Сначала прошла часть официальная. Мы сыграли «Боже Царя храни». Затем, в перерыве, директор подошел к Кунклю и шепотом спросил: проверил ли он швы своего фрака и брюк? Этот вопрос не был праздным, так как в позапрошлом году на акте произошел, в самом деле, весьма прискорбный случай: во время исполнения интродукции к «Норме» Кункль при переходе оркестра от форте на пиано напряженно нагнулся к оркестру, присел, фалды фрака раздвинулись, задний шов брюк разошелся, и Тифлисскому высшему свету открылась та тайна, что наш дирижер носит не белое нижнее белье, а голубое, с полосками.
Получив от Кункля успокоительное заверение, что жена его вчера тщательно закрепила все швы, директор вернулся на свое место, дал знак начать музыкальную программу, – и Иосиф Иванович поднялся на помост, где стоял пульт.
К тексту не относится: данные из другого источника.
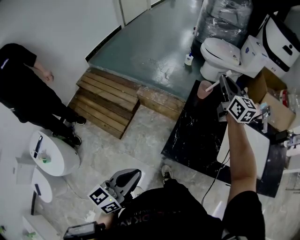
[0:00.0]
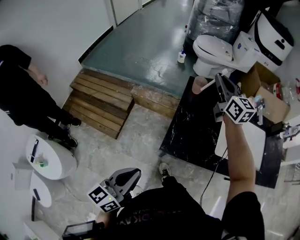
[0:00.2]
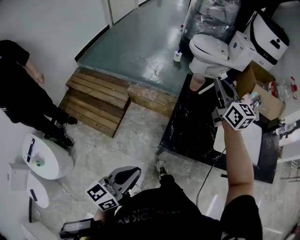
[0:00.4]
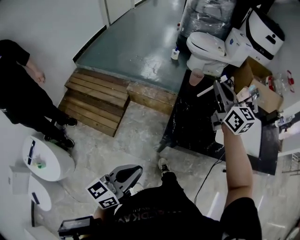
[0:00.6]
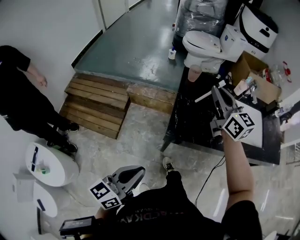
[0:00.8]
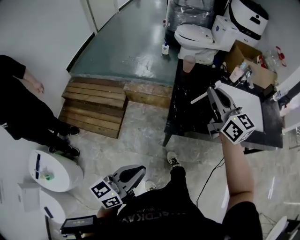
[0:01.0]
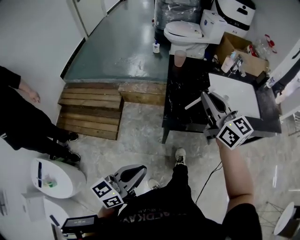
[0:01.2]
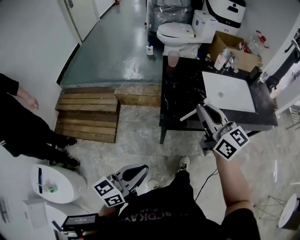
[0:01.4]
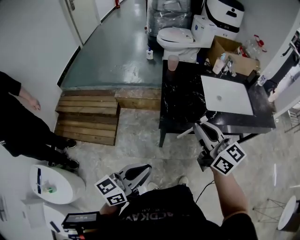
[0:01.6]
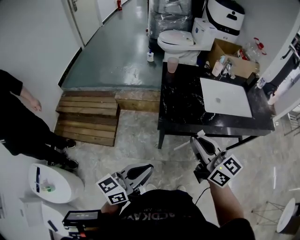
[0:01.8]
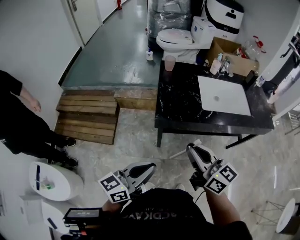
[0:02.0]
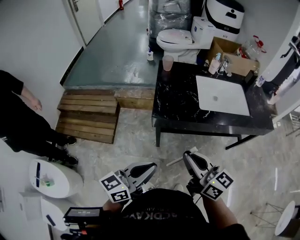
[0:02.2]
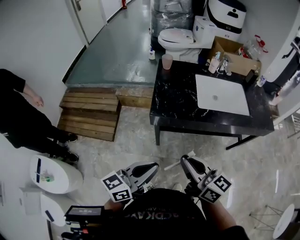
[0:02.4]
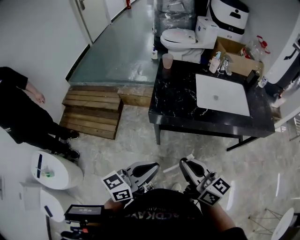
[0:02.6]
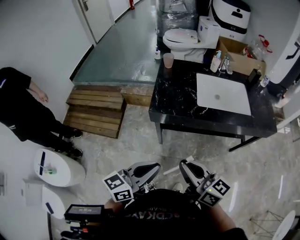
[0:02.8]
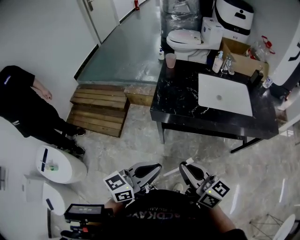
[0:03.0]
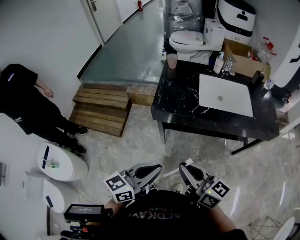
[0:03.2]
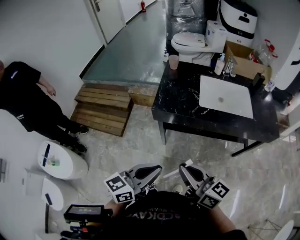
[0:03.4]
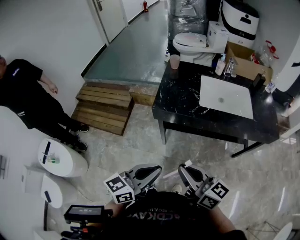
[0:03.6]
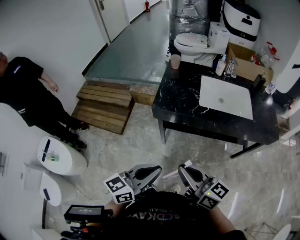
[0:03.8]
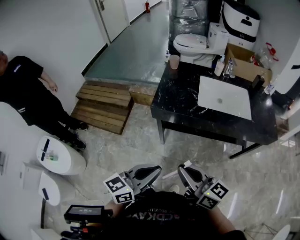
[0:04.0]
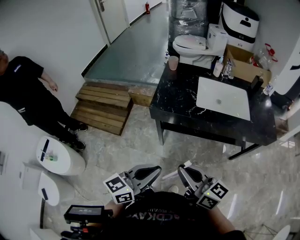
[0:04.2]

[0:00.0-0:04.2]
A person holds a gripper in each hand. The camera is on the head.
0:00.0 to 0:01.4: The right gripper heads backward, covering approximately 40 cm. The left gripper is displaced backward by approximately 15 cm, and changes its angle by some 30 degrees.
0:01.4 to 0:02.8: The left gripper shifts about 15 cm to the right. The right gripper shifts approximately 20 cm backward, and swivels roughly 20 degrees.
0:02.8 to 0:04.2: The left gripper is displaced backward by approximately 5 cm. The right gripper changes place by some 5 cm.

Мы, исполнители, конечно, все были готовы. Виолончелисты, как полагается, сидели против дирижера, прочно обняв ногами свои инструменты; первые скрипки расположились справа, вторая – слева. А сзади разместились деревянные и медные, за которыми горделиво возвышалась фигура Ерицева, одной рукой опиравшегося на огромный гриф контрабаса, другой рукой мощно сжимавшего упругий смычек.
Кункль постучал палочкой, поднял ее вверх, опустил, – и «Лесная сюита» началась. Первые скрипки в нежном пиано повели незамысловатую, но полную романтизма кантилену; вторые скрипки аккомпанировали первым, в тихих переливчатых звуках передавая лепет свежей листвы; флейты время от времени проходили по этому фону зигзагами нот, изображая пение и щебетание птиц; кларнет в одной и той же терции повторял однообразное кукование кукушки; легкое трение медных тарелок воспроизводило звуки цикад; а контрабас Ерицева сдержанным хрипом смычка давая шуршание опавших листьев, которыми играл, налетавший время от времени, ветерок.
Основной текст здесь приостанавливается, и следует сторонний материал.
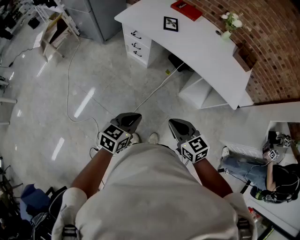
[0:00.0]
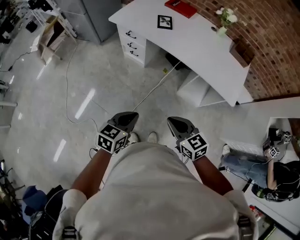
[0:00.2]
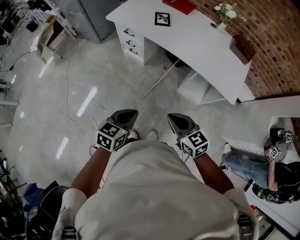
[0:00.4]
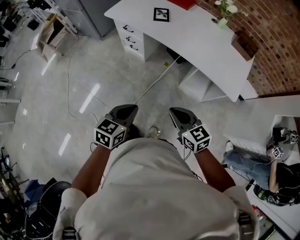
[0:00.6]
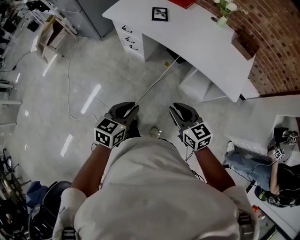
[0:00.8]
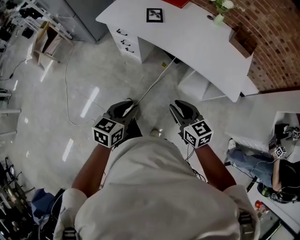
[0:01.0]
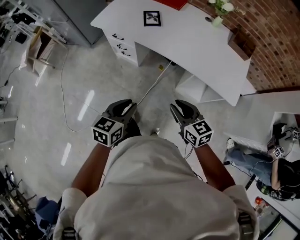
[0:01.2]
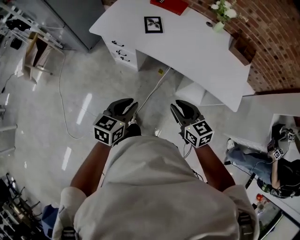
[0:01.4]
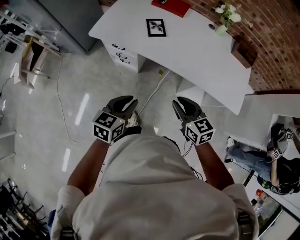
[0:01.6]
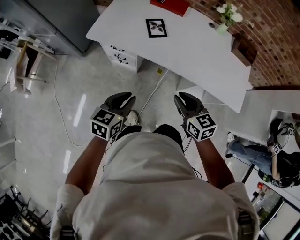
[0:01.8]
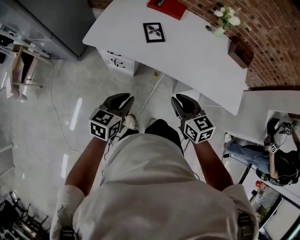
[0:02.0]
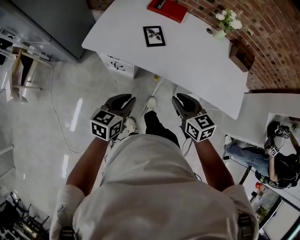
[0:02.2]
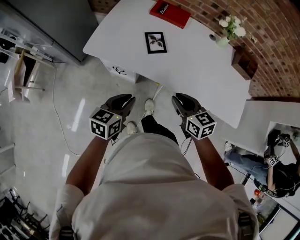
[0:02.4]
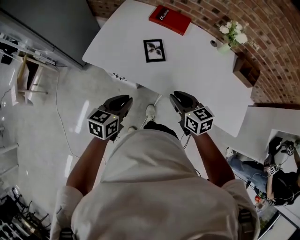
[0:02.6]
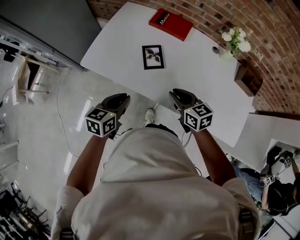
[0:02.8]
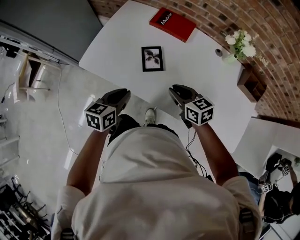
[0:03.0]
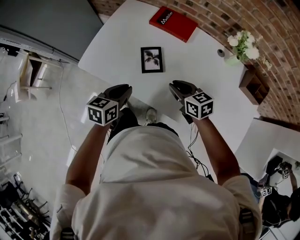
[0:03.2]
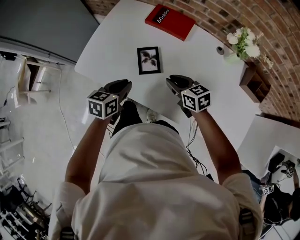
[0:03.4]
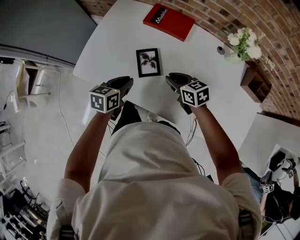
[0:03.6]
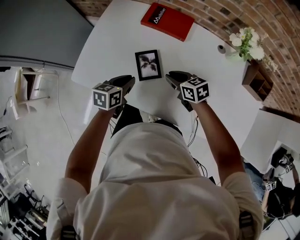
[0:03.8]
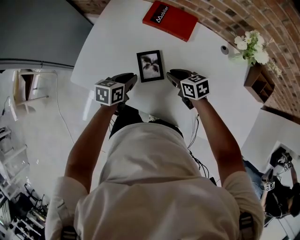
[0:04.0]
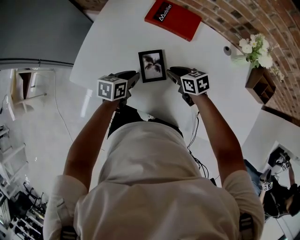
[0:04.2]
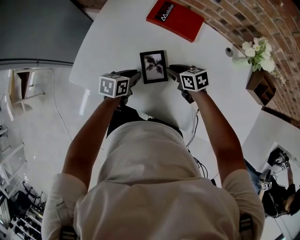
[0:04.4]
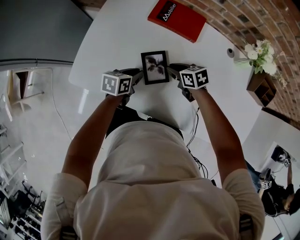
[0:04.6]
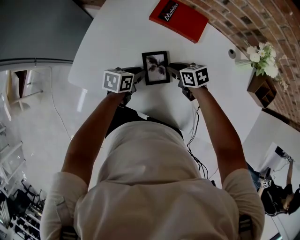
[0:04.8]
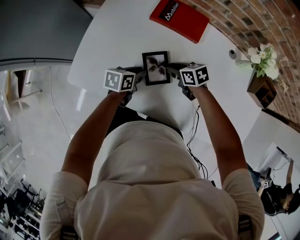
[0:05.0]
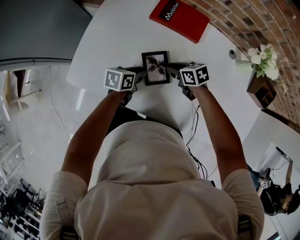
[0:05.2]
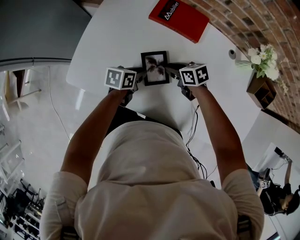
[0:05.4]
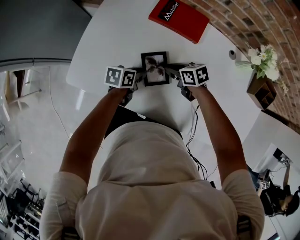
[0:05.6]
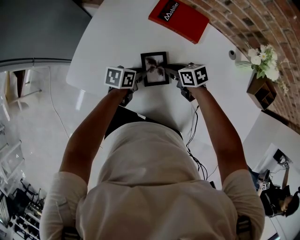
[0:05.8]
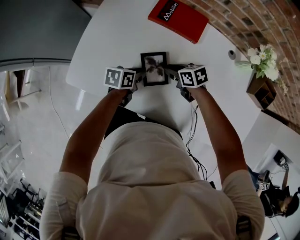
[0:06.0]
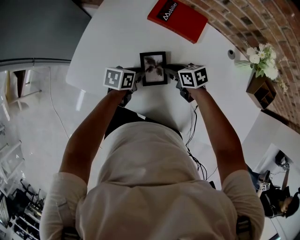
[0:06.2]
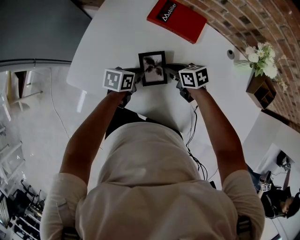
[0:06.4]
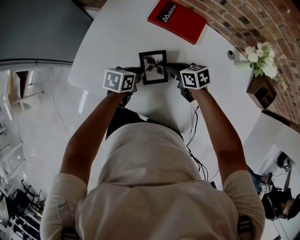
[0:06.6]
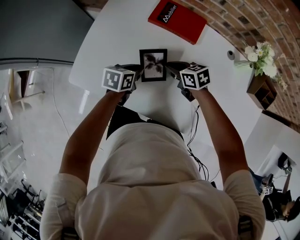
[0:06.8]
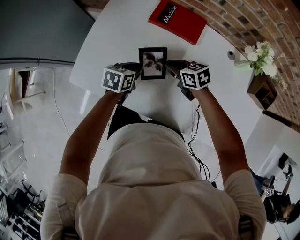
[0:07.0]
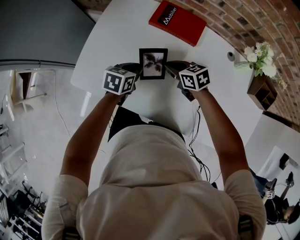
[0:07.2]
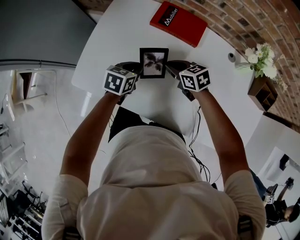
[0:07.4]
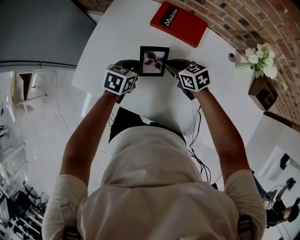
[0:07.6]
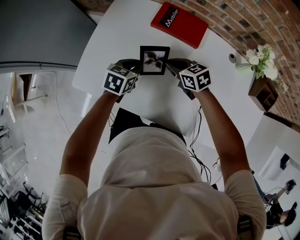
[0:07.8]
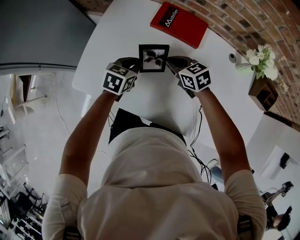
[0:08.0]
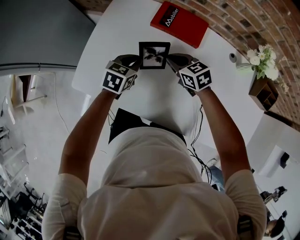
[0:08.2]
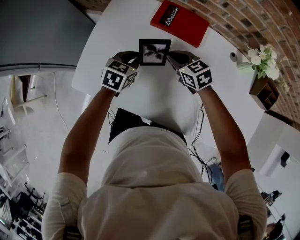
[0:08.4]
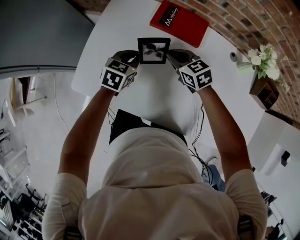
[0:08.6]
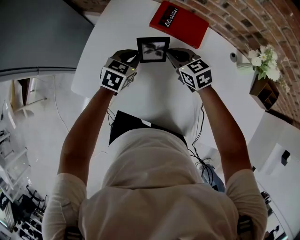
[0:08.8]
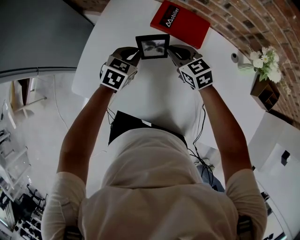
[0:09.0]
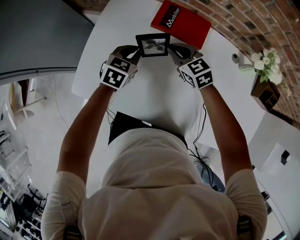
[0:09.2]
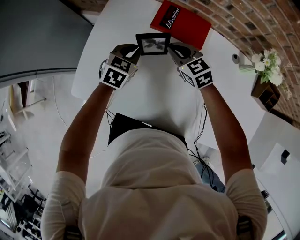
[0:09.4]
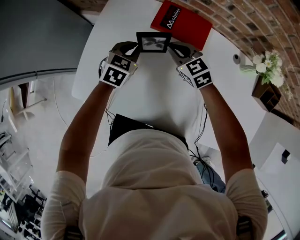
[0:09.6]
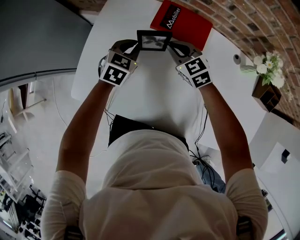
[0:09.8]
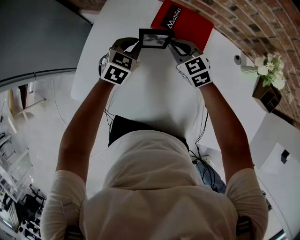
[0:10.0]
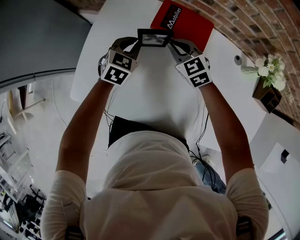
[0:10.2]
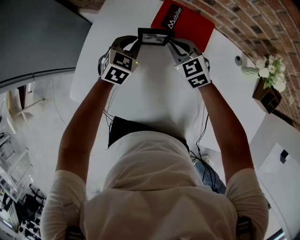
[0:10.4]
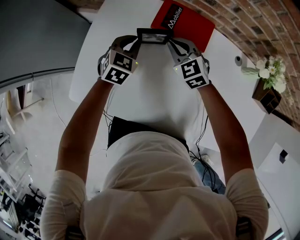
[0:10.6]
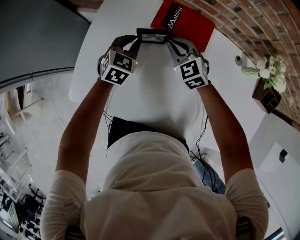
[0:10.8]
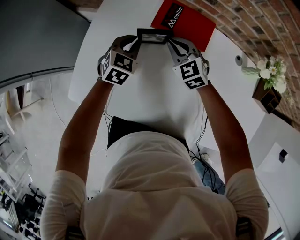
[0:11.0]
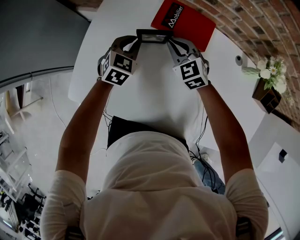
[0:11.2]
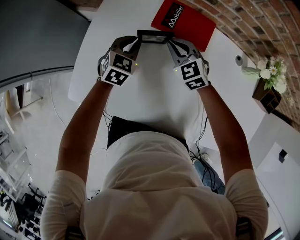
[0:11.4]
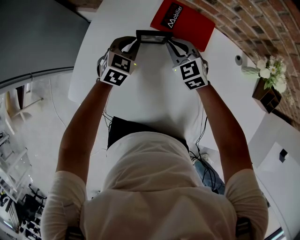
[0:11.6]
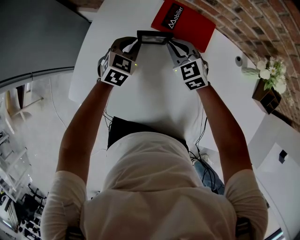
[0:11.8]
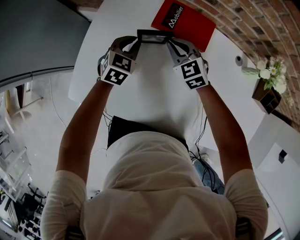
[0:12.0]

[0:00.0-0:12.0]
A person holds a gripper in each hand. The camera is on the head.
0:00.0 to 0:01.6: Both grippers travel together forward, about 25 cm.
0:01.6 to 0:03.0: Both grippers move forward, about 30 cm.
0:03.0 to 0:04.4: The grippers both shift forward and downward by approximately 25 cm.
0:04.4 to 0:06.0: The grippers stay close to where they were, moving slightly.
0:06.0 to 0:07.6: Both grippers travel together upward, about 5 cm. The left gripper turns by approximately 30 degrees.
0:07.6 to 0:09.0: Both grippers move forward, about 5 cm.
0:09.0 to 0:10.4: Both grippers move forward, approximately 5 cm.
0:10.4 to 0:12.0: The grippers stay close to where they were, moving slightly.

Зал притих. Несомненно, «Сюита» производила на него впечатление. Представитель Главноначальствующего, склонившись к директору, одобрительно что-то шептал, на что директор отвечал почтительным кивком головы, не отводя, однако, тревожного взгляда от Кункля и его панталон. Архиерей, видимо, тоже был доволен, любовно поглядывая на оркестр и удовлетворенно разглаживая бороду.
Но, вот, в нежную лесную идиллию неожиданно врывается тревожный рокочущий звук литавр. Это – отдаленный гром, предвещающий приближение грозы. Контрабас зашуршал листьями сильнее, постепенно переходя к треску сучьев и к обламыванию сухих ветвей. Флейты бросили птиц и засвистали порывами визгливого ветра. Наконец, раздался неистовый грохот медных тарелок. В каденциях скрипок сверкнула ослепительная молния…
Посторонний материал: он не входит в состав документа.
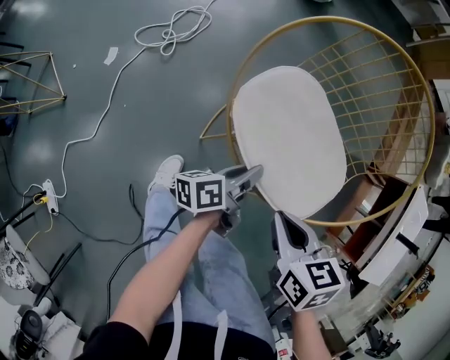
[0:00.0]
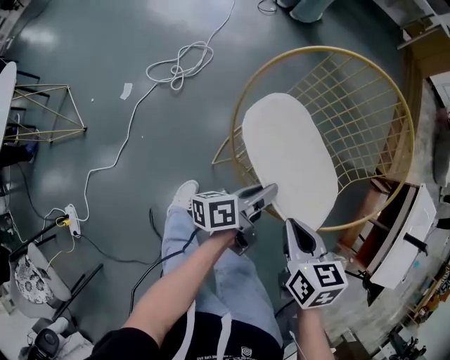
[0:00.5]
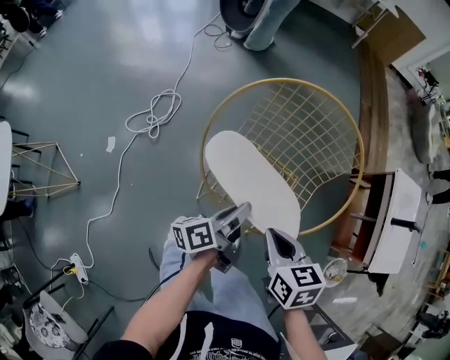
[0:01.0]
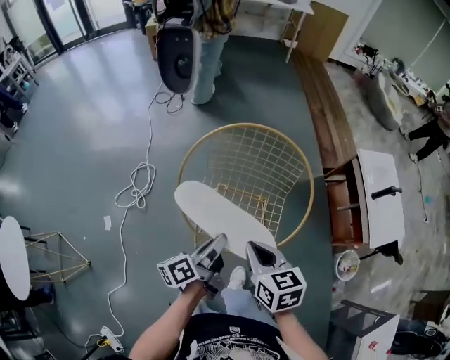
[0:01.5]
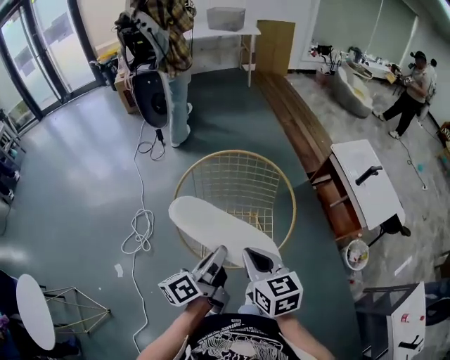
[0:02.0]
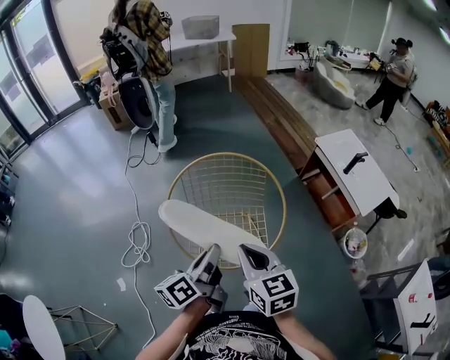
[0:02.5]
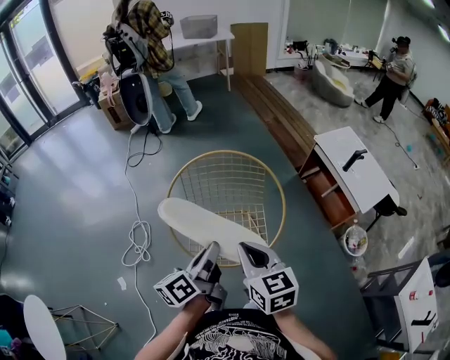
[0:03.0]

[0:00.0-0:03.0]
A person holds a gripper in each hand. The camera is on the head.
0:00.0 to 0:01.5: Both grippers move upward, approximately 20 cm. The right gripper turns by about 30 degrees.
0:01.5 to 0:03.0: The two grippers go about 10 cm upward. The right gripper rotates about 20 degrees.

Кункль всем своим существом ушел в эту грандиозную бурю, лицо его дышало искренним вдохновением. Глаза лихорадочно метались от одних инструментов к другим, магическая дирижерская палочка исступленно носилась в воздухе. Иосиф Иванович был поистине счастлив, ощущая, что вся разыгравшаяся в зале стихия – создание его собственного, личного творческого духа.
Но что это такое? Нечто чуждое, диссонирующее, вдруг, ворвалось в «Сюиту». Наряду с бурей, проходившей в соль мажоре, прокатился громкий добавочный гул в сопровождении жалобного воя, построенного на несомненном миноре. Гул рос. Завывание тоже, вдруг, под фортиссимо всего оркестра, под рокот литавров, грохот тарелок, рев контрабаса, визг флейт, хроматические взлеты скрипок и под добавочный таинственный гул – все помещение актового зала дрогнуло, затряслось, люстра под потолком закачалась, стоящий в углу бюст Пушкина упал с высокой колонны…
– Землетрясение! – раздался истерический женский крик.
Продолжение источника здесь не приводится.